TRY IT »
From the first line to the last, copy the data exactly and drop the pictures.

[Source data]
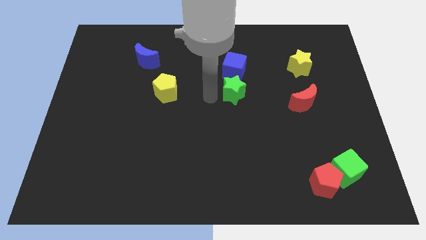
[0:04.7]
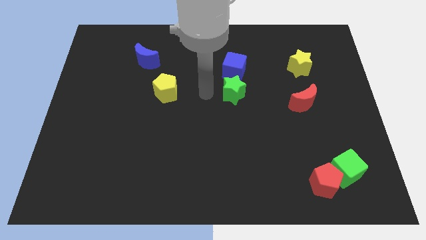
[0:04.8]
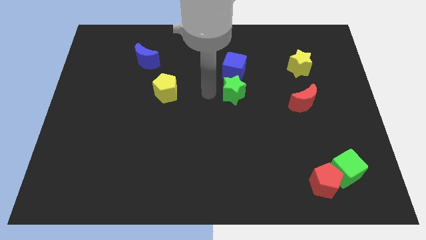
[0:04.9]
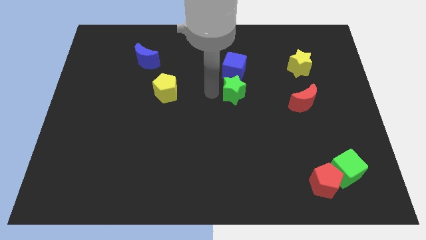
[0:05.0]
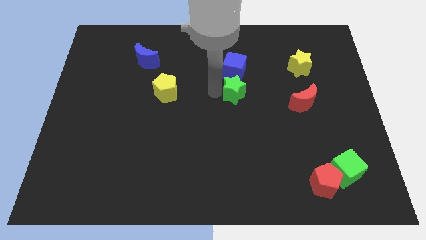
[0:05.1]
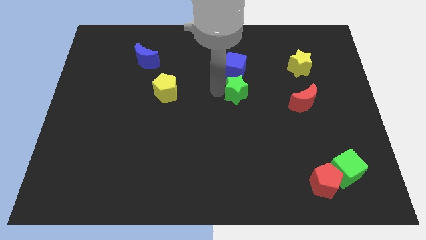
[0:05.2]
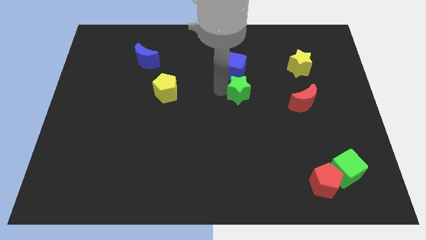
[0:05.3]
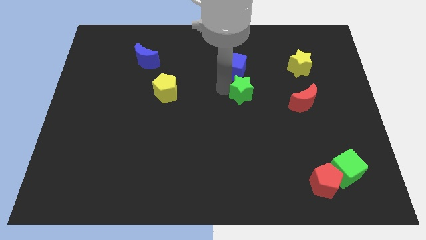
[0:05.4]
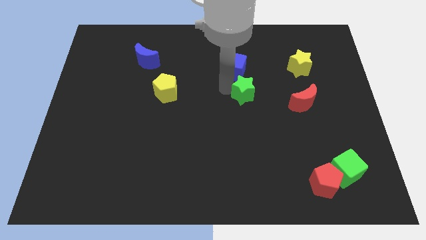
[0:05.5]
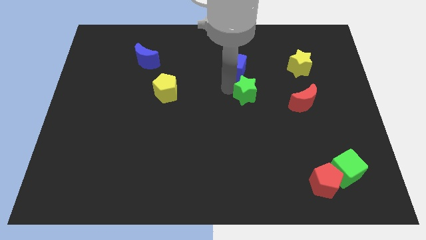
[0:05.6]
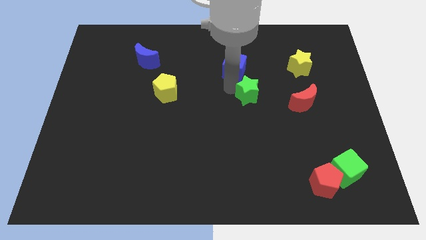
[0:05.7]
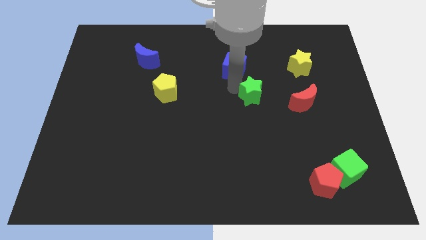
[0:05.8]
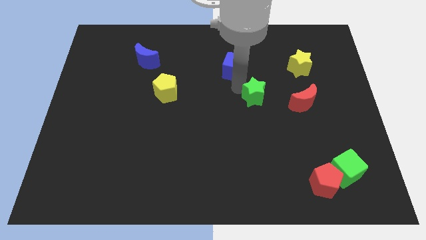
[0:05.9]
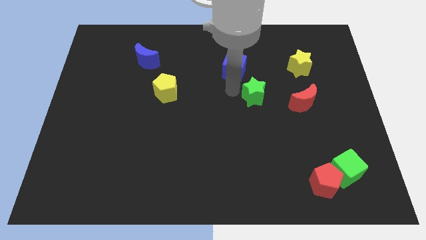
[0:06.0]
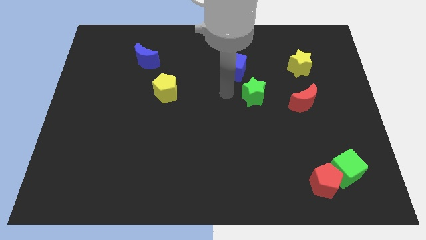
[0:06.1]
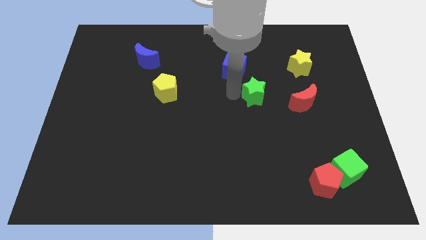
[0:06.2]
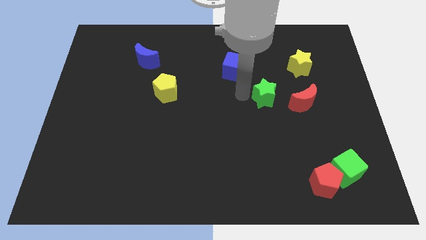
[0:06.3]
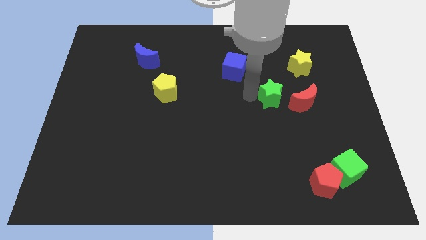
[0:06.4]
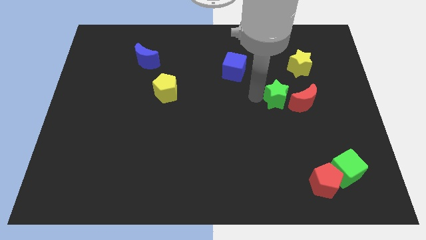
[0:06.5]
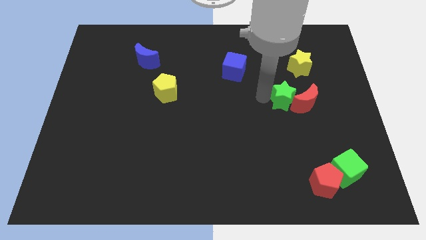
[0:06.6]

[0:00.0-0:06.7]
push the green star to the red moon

THE COMPLETED TASK »
[0:04.7]
[0:04.8]
[0:04.9]
[0:05.0]
[0:05.1]
[0:05.2]
[0:05.3]
[0:05.4]
[0:05.5]
[0:05.6]
[0:05.7]
[0:05.8]
[0:05.9]
[0:06.0]
[0:06.1]
[0:06.2]
[0:06.3]
[0:06.4]
[0:06.5]
[0:06.6]

[0:00.0-0:06.7]
push the green star to the red moon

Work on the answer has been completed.